The study included 2,211 patients with HFrEF and not on MRA treatment at baseline who were all identified as good candidates for starting treatment with the class, with no contraindications, no preexisting hyperkalemia, and no advanced-stage renal dysfunction.

The study’s primary outcome was the percentage of patients in each subgroup who received a new prescription for an MRA. This occurred in 29.6% of the patients whose physicians received an alert, in 15.6% of the patients whose physicians received a monthly message, and in 11.7% of patients in the control practices. Statistical analyses showed that the alerts led to a significant 2.53-fold increase in MRA prescribing, while the messages linked with a significant 67% increase in prescribing, compared with the control practices, reported Dr. Mukhopadhyay, a health services researcher at NYU Langone Health in New York. Simultaneously with her report, the results also appeared in the Journal of the American College of Cardiology.

The findings also showed that the alert and message had no significant impact on the prescribing of any other medication classes for HFrEF, compared with the controls. And the alert intervention had minimal adverse effects. While patients in the alert arm showed a significant, 45% relative increase in the incidence of hyperkalemia episodes, compared with control patients (because of a 4.5% absolute increase in hyperkalemia events), the rate of “significant” hyperkalemia with a value of at least 5.5 mmol/L, occurred in 5.0% of patients in the alert group and 5.1% of patients in the control arm.

Potassium testing poses another barrier

Even though the alerts substantially improved MRA prescribing, 70% of patients deemed MRA eligible in the alert subgroup still failed to receive a prescription. One additional barrier specific to MRA prescribing is the need it triggers for serial laboratory testing to monitor serum potassium levels. “Potassium testing generates additional work outside the index visit, which along with the risk for hyperkalemia exists as a barrier,” commented Lee R. Goldberg, MD, a heart failure specialist and professor at the University of Pennsylvania in Philadelphia. “This may be the next aspect to focus on to improve MRA uptake,” he said as a designated discussant for the report.

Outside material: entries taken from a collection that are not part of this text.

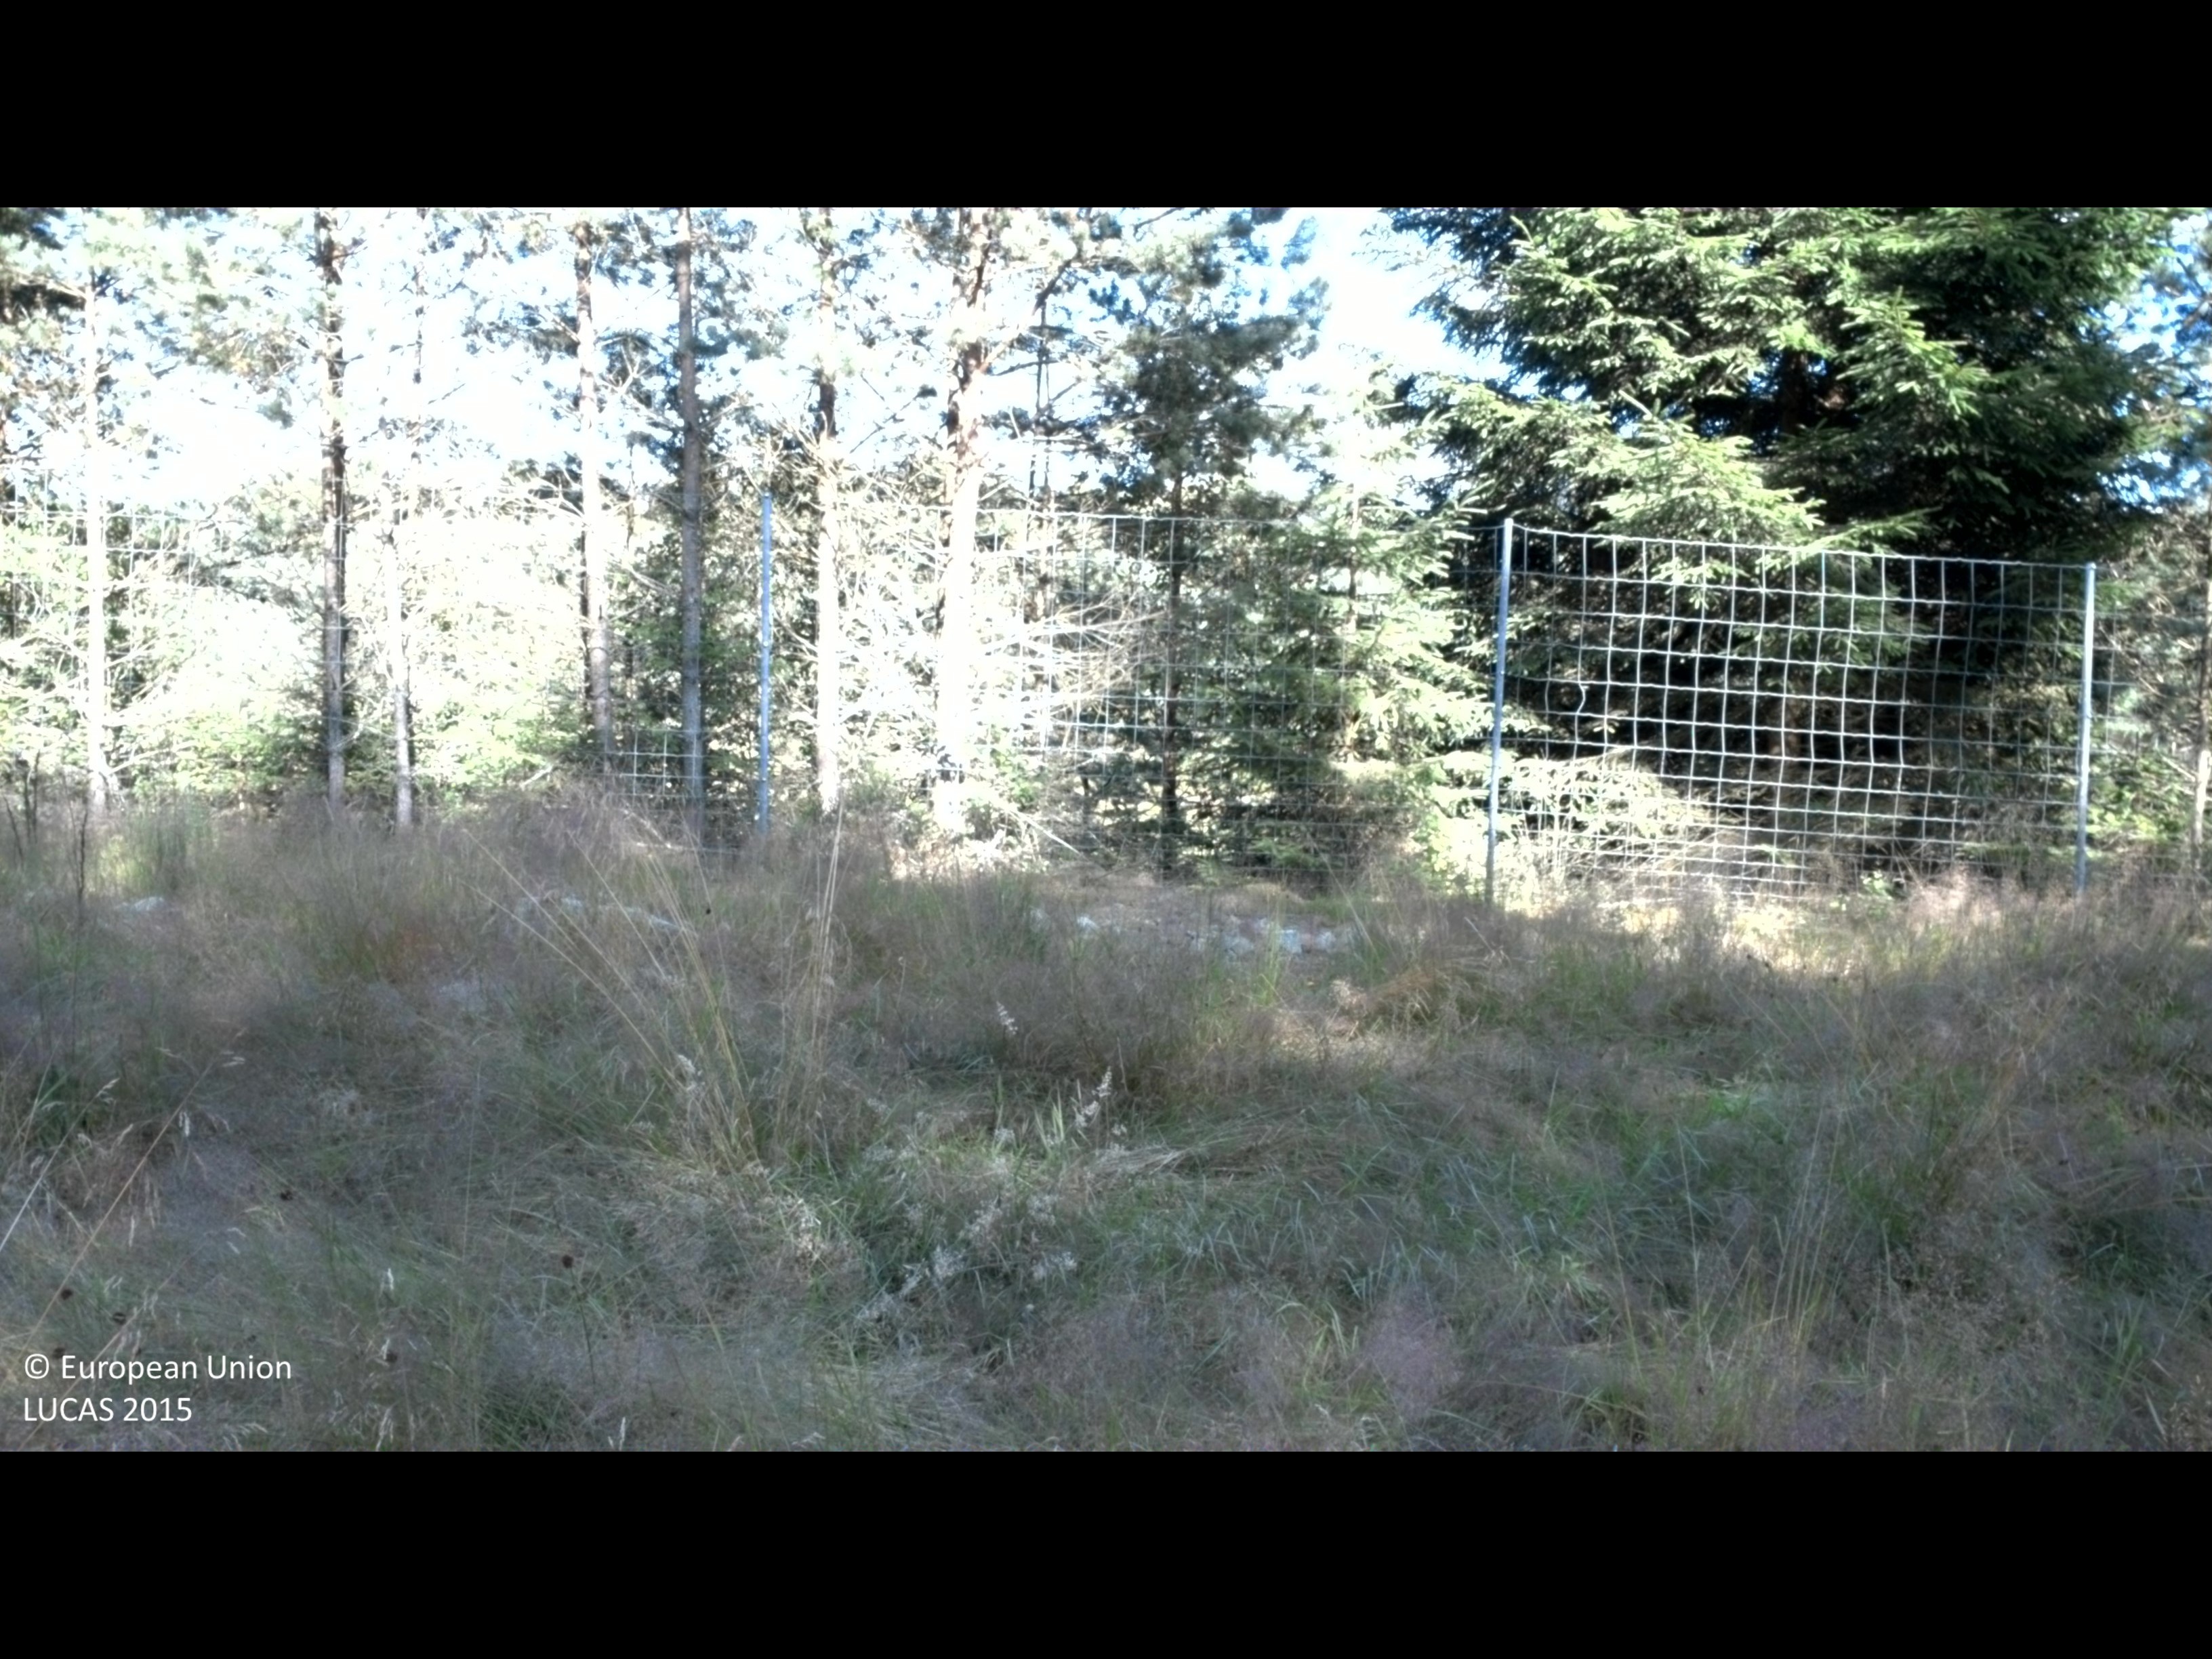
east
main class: Grassland
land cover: Grassland without tree/shrub cover
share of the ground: > 75 %
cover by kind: herbaceous plants 90 %, unconsolidated bare surface 10 %
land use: Forestry
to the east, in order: Grassland without tree/shrub cover; Fences; Pine dominated coniferous woodland; Grass margins; Paved roads, cycling and walking lanes; Grass margins; Broadleaved woodland; Paved roads, cycling and walking lanes; Fences; Pine dominated mixed woodland; Spruce dominated mixed woodland; Shrubland with sparse tree cover; Spruce dominated mixed woodland; Grassland with sparse tree/shrub cover
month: August
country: SE
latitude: 56.6885
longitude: 13.8335

Mitchel L. Zoler/MDedge News

“It’s not enough to just prompt medication treatment. We also need to prompt appropriate laboratory testing,” noted Dr. Fonarow.

He also said that the approach tested by Dr. Mukhopadhyay could now be expanded to outpatient cardiologists. “The onus is on everyone involved in caring for patients with HFrEF failure to explain why maximum effort is not being made to deploy” all of the guideline-directed medical therapies for the disorder.

EHR alerts “are one way to bridge the prescribing gap, but we need multiple approaches so that all eligible patients receive guideline-directed medical therapy,” Dr. Fonarow said.

BETTER CARE-HF received no commercial funding, and Dr. Mukhopadhyay had no disclosures. Dr. Fonarow has been a consultant to AstraZeneca, Amgen, Cytokinetics, Lilly, Merck, Novartis, and Pfizer. Dr. Goldberg has received personal fees from Abbott, VisCardia, and Zoll/Respircardia.